A Venturi flow meter is used to measure the the flow velocity of a water main. The water main has a diameter of 30.0 cm, and the constriction has a diameter of 10.0 cm. The two vertical pipes are open at the top, and the difference in water level between them is 3.0 m.
Find the velocity, vm (in m/s)of the water in the main.
The volumetric flow rate, Q (in m3/s) of the water in the main.
volume flow is the same in the big section as the small.
pi Rbig^2 Vbig = pi Rsmall^2 Vsmall
so
Vsmall = Vbig (15^2/5^2) = 9 Vbig
then Bernoulli
(1/2)rho Vsmall^2 = (1/2) rho Vbig^2 +rho g h
2 g h = (Vsmall^2 - Vbig^2)
2 (9.81)(3) = 81Vbig^2 - 1 Vbig^2
= 80 Vbig^2
so
Vbig^2 = .736 m^2/s^2
Vbig = .858 m/s in big main
Q = pi (.15^2) .858 = .06 m^3/sec
thanks
I am not getting the correct answer, can you plz explain a bit better?
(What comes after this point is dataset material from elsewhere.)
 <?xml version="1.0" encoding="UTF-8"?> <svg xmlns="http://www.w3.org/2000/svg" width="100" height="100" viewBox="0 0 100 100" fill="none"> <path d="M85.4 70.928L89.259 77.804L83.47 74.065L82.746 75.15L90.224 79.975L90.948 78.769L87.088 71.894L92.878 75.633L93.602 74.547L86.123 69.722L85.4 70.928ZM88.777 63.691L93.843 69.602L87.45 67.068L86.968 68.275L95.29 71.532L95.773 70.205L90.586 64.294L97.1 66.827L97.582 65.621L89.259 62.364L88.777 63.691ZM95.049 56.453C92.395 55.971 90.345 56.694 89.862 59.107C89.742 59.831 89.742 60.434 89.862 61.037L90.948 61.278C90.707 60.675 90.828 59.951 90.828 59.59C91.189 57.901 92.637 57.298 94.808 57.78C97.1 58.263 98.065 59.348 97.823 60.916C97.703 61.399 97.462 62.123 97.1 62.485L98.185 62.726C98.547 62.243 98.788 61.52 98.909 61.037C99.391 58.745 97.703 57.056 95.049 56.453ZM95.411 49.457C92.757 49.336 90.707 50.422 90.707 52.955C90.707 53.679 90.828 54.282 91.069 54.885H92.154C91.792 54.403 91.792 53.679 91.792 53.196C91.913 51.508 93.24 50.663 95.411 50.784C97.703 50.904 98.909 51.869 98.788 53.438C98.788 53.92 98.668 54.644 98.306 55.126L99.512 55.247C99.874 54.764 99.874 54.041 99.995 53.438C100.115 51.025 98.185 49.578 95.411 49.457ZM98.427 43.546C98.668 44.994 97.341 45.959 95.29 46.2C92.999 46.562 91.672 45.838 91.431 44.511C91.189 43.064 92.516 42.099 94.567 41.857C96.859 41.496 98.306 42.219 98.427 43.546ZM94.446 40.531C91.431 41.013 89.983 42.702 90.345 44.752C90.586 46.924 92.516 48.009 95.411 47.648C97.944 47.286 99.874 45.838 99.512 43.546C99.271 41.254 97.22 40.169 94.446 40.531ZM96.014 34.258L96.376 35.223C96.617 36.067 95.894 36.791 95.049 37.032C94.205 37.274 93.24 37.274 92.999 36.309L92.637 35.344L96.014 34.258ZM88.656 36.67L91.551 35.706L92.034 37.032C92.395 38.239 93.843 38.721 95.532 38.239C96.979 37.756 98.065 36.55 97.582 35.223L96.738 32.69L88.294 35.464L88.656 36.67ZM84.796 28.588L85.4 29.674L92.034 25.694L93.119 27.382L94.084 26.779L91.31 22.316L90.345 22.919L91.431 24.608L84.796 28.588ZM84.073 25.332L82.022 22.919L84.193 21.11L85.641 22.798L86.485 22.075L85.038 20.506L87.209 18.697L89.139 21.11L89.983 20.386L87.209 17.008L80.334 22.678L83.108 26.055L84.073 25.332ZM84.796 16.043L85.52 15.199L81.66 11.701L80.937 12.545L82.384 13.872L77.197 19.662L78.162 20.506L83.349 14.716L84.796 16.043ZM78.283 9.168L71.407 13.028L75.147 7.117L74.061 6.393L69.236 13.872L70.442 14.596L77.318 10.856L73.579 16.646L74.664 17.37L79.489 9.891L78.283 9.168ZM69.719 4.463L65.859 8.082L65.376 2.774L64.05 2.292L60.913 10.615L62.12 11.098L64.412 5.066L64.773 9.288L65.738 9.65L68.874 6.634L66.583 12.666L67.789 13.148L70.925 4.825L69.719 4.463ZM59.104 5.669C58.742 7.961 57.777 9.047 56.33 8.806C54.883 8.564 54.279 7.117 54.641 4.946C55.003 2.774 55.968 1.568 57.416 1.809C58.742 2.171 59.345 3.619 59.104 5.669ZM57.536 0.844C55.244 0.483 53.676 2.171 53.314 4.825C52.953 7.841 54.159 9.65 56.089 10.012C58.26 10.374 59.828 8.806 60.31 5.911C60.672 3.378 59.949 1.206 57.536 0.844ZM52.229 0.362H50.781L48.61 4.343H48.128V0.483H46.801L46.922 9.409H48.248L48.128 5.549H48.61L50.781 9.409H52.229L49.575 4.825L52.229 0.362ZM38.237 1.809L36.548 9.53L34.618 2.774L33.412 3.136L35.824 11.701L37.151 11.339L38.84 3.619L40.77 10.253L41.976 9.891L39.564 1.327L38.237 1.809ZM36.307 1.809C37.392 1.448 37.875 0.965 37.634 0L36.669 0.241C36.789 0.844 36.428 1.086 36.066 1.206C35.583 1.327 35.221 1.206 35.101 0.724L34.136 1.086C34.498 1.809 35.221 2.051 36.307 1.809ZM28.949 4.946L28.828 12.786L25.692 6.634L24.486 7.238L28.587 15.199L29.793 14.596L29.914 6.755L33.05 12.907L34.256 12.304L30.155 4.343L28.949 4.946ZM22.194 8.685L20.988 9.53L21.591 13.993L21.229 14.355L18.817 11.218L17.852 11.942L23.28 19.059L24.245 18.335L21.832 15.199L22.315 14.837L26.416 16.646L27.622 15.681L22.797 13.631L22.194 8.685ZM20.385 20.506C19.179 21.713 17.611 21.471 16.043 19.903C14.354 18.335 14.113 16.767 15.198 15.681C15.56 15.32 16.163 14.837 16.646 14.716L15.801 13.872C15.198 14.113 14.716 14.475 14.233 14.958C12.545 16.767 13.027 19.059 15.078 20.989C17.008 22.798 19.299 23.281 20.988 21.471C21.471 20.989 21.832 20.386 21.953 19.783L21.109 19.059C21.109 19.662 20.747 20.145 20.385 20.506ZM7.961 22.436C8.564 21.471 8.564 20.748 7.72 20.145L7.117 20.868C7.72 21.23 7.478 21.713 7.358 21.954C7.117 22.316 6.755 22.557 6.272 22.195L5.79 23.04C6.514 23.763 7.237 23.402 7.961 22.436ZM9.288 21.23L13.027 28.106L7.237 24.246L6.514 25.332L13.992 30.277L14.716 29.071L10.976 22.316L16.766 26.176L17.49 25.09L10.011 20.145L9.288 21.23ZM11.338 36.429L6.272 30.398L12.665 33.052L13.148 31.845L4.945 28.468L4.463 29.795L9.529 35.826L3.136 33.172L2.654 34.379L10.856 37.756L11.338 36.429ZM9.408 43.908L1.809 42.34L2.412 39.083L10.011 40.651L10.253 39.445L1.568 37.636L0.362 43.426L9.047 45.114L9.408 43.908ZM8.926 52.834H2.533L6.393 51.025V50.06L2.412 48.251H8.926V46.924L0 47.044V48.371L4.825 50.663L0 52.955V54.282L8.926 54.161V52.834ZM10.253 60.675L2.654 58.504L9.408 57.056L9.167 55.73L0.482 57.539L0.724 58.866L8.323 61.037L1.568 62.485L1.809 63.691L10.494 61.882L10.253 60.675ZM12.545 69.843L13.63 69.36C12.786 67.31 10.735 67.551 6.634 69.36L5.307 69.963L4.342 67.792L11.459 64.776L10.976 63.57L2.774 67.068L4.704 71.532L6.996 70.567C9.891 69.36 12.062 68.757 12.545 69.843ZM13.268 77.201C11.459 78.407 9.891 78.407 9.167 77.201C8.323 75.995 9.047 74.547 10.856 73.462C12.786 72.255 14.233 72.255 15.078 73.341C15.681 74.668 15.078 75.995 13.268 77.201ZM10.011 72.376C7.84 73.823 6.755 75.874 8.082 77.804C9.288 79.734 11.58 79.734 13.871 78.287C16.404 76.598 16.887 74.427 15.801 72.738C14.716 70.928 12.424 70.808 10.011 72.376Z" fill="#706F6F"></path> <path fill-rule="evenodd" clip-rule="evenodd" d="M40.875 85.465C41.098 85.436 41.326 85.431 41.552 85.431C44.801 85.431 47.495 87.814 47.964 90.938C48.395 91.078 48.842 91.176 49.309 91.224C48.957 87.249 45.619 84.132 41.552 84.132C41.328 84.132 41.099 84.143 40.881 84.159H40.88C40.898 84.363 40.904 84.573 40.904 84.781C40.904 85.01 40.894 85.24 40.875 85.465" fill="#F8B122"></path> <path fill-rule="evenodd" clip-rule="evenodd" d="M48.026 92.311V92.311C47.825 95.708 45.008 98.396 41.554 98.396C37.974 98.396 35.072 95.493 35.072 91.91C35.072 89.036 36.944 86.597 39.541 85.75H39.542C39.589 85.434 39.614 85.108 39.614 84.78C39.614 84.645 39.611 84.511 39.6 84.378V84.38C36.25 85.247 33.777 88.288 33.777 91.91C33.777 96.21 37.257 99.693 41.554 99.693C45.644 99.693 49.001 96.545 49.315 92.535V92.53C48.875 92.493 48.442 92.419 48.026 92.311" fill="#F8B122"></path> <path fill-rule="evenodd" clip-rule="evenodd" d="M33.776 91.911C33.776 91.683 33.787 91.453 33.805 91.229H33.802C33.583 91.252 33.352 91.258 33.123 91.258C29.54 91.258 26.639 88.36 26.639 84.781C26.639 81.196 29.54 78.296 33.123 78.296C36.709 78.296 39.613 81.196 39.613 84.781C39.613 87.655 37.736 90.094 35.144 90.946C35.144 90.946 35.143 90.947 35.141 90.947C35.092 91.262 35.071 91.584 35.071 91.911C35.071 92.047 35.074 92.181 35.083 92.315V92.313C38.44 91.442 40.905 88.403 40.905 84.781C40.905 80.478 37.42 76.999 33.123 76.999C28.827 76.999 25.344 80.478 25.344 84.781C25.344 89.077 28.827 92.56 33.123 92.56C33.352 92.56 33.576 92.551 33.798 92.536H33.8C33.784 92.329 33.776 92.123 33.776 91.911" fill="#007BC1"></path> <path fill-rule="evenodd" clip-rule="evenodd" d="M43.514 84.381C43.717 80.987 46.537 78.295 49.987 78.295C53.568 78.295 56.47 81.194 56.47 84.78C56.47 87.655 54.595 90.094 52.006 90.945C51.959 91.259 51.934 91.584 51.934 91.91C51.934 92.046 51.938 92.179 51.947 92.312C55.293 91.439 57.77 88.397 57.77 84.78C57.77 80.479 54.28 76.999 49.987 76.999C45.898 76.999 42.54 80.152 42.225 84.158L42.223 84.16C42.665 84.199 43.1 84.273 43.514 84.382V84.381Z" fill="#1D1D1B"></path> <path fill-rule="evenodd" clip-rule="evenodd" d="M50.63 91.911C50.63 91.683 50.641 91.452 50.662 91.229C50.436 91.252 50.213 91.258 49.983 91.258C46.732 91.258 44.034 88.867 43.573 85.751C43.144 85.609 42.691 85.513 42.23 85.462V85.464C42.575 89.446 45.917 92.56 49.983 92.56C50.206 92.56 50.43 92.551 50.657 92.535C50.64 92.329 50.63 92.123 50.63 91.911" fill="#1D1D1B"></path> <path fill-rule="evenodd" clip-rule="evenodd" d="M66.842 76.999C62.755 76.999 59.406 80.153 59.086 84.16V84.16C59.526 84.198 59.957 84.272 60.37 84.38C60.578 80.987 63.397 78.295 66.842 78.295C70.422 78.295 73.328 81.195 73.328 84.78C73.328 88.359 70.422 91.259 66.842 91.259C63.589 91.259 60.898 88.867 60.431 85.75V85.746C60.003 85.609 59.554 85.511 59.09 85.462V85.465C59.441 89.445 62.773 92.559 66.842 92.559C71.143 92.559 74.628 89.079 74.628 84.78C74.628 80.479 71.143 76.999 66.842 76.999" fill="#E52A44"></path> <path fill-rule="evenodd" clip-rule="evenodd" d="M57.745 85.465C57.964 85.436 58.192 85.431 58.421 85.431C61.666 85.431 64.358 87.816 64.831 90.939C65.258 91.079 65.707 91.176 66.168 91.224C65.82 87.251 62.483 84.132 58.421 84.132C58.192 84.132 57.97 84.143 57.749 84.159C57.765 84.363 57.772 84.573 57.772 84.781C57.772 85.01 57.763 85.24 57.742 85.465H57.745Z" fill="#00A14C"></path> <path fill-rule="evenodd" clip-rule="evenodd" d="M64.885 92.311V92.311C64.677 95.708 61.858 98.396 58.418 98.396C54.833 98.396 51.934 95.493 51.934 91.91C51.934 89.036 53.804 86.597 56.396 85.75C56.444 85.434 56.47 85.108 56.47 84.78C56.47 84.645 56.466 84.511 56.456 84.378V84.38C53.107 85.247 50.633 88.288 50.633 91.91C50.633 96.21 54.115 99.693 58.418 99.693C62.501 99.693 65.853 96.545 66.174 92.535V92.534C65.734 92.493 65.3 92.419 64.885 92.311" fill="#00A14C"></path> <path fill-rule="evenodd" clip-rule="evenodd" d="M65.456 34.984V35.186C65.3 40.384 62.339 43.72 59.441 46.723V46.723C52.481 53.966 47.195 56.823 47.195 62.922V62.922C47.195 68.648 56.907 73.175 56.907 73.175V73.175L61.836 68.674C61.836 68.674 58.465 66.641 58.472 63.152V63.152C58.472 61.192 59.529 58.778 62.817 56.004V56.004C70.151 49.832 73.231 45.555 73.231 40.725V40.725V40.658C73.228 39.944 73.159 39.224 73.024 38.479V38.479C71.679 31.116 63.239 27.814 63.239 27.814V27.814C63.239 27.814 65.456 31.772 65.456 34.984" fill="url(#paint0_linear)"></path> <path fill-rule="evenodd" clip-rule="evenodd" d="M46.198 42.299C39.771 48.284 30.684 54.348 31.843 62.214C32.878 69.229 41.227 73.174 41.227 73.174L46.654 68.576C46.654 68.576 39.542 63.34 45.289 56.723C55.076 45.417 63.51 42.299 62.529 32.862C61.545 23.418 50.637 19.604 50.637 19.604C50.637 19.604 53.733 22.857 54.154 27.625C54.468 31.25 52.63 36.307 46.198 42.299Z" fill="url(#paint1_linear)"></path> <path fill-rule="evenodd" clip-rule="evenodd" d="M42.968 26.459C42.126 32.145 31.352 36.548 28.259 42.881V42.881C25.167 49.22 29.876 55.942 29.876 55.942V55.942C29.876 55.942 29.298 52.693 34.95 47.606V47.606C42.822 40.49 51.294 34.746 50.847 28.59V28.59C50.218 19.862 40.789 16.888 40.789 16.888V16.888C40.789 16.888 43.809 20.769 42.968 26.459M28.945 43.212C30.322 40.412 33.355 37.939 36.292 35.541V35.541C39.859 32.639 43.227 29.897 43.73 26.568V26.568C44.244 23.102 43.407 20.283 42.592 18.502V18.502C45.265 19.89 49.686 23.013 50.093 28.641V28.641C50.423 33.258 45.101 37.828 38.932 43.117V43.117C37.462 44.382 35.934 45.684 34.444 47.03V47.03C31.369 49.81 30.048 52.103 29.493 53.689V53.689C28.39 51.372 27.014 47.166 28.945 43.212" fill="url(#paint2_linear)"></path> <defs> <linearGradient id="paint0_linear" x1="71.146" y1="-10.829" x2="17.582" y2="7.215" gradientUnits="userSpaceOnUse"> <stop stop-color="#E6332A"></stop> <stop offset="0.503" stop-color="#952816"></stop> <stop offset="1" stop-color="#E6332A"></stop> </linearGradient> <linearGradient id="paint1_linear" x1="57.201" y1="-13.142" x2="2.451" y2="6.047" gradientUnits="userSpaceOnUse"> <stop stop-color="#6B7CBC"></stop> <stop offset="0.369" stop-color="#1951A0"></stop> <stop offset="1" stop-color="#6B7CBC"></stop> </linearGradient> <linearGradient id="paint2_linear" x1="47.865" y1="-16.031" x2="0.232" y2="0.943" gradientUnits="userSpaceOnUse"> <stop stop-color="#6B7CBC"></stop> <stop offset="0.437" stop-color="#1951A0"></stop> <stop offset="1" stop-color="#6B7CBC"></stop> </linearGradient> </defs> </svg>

Thankx
To find the flow velocity of the water in the main, we can use the Bernoulli's equation and the principle of continuity.
1. Bernoulli's equation:
P1 + 1/2 * ρ * v1^2 + ρ * g * h1 = P2 + 1/2 * ρ * v2^2 + ρ * g * h2
Where:
P1 and P2 are the pressures at two different points in the flow (in this case, the pressure at the top of the water column in each vertical pipe)
ρ is the density of the fluid (in this case, water)
v1 and v2 are the velocities at two different points in the flow (in this case, the velocity of the water in the main and the velocity in the constriction)
g is the acceleration due to gravity (9.8 m/s^2)
h1 and h2 are the heights of the water column in each vertical pipe
2. The principle of continuity:
A1 * v1 = A2 * v2
Where:
A1 and A2 are the cross-sectional areas of the flow at two different points (in this case, the area of the water main and the area of the constriction)
Now let's solve for the velocity in the main (vm):
Using the principle of continuity, we get:
π * r1^2 * vm = π * r2^2 * v2
Since the diameter is given, we can calculate the radius:
r1 = 0.5 * 30.0 cm = 15.0 cm = 0.15 m
r2 = 0.5 * 10.0 cm = 5.0 cm = 0.05 m
So the equation becomes:
π * (0.15 m)^2 * vm = π * (0.05 m)^2 * v2
The π terms on either side cancel out, simplifying the equation to:
(0.15 m)^2 * vm = (0.05 m)^2 * v2
Now let's calculate the velocity in the constriction (v2):
Using Bernoulli's equation, we can compare the two vertical pipes:
P1 + 1/2 * ρ * v1^2 + ρ * g * h1 = P2 + 1/2 * ρ * v2^2 + ρ * g * h2
The pressure at the top of both pipes is atmospheric pressure, which we can assume cancels out from both sides of the equation. Also, since the top of both pipes are open, the height terms (h1 and h2) cancel out. Thus, we get:
1/2 * ρ * v1^2 = 1/2 * ρ * v2^2
Now we can solve for v2:
v2^2 = v1^2 * (r1/r2)^2
Plugging in the known values:
v2^2 = vm^2 * (0.15 m / 0.05 m)^2
v2^2 = 9 * vm^2
Now we can substitute this value of v2^2 into the equation for the principle of continuity:
(0.15 m)^2 * vm = (0.05 m)^2 * 9 * vm^2
Simplifying the equation, we get:
0.0225 * vm = 0.0025 * 9 * vm^2
0.0225 = 0.0025 * 9 * vm
Now, solve for vm:
vm = 0.0225 / (0.0025 * 9)
vm ≈ 0.1 m/s
So, the flow velocity of the water in the main (vm) is approximately 0.1 m/s.
To find the volumetric flow rate (Q) of the water in the main, we can use the equation:
Q = A1 * vm
Where A1 is the cross-sectional area of the water main and vm is the flow velocity we just found.
Plugging in the values, we get:
Q = π * (0.15 m)^2 * 0.1 m/s
Calculating this expression, we find:
Q ≈ 0.0707 m^3/s
Therefore, the volumetric flow rate of the water in the main (Q) is approximately 0.0707 m^3/s.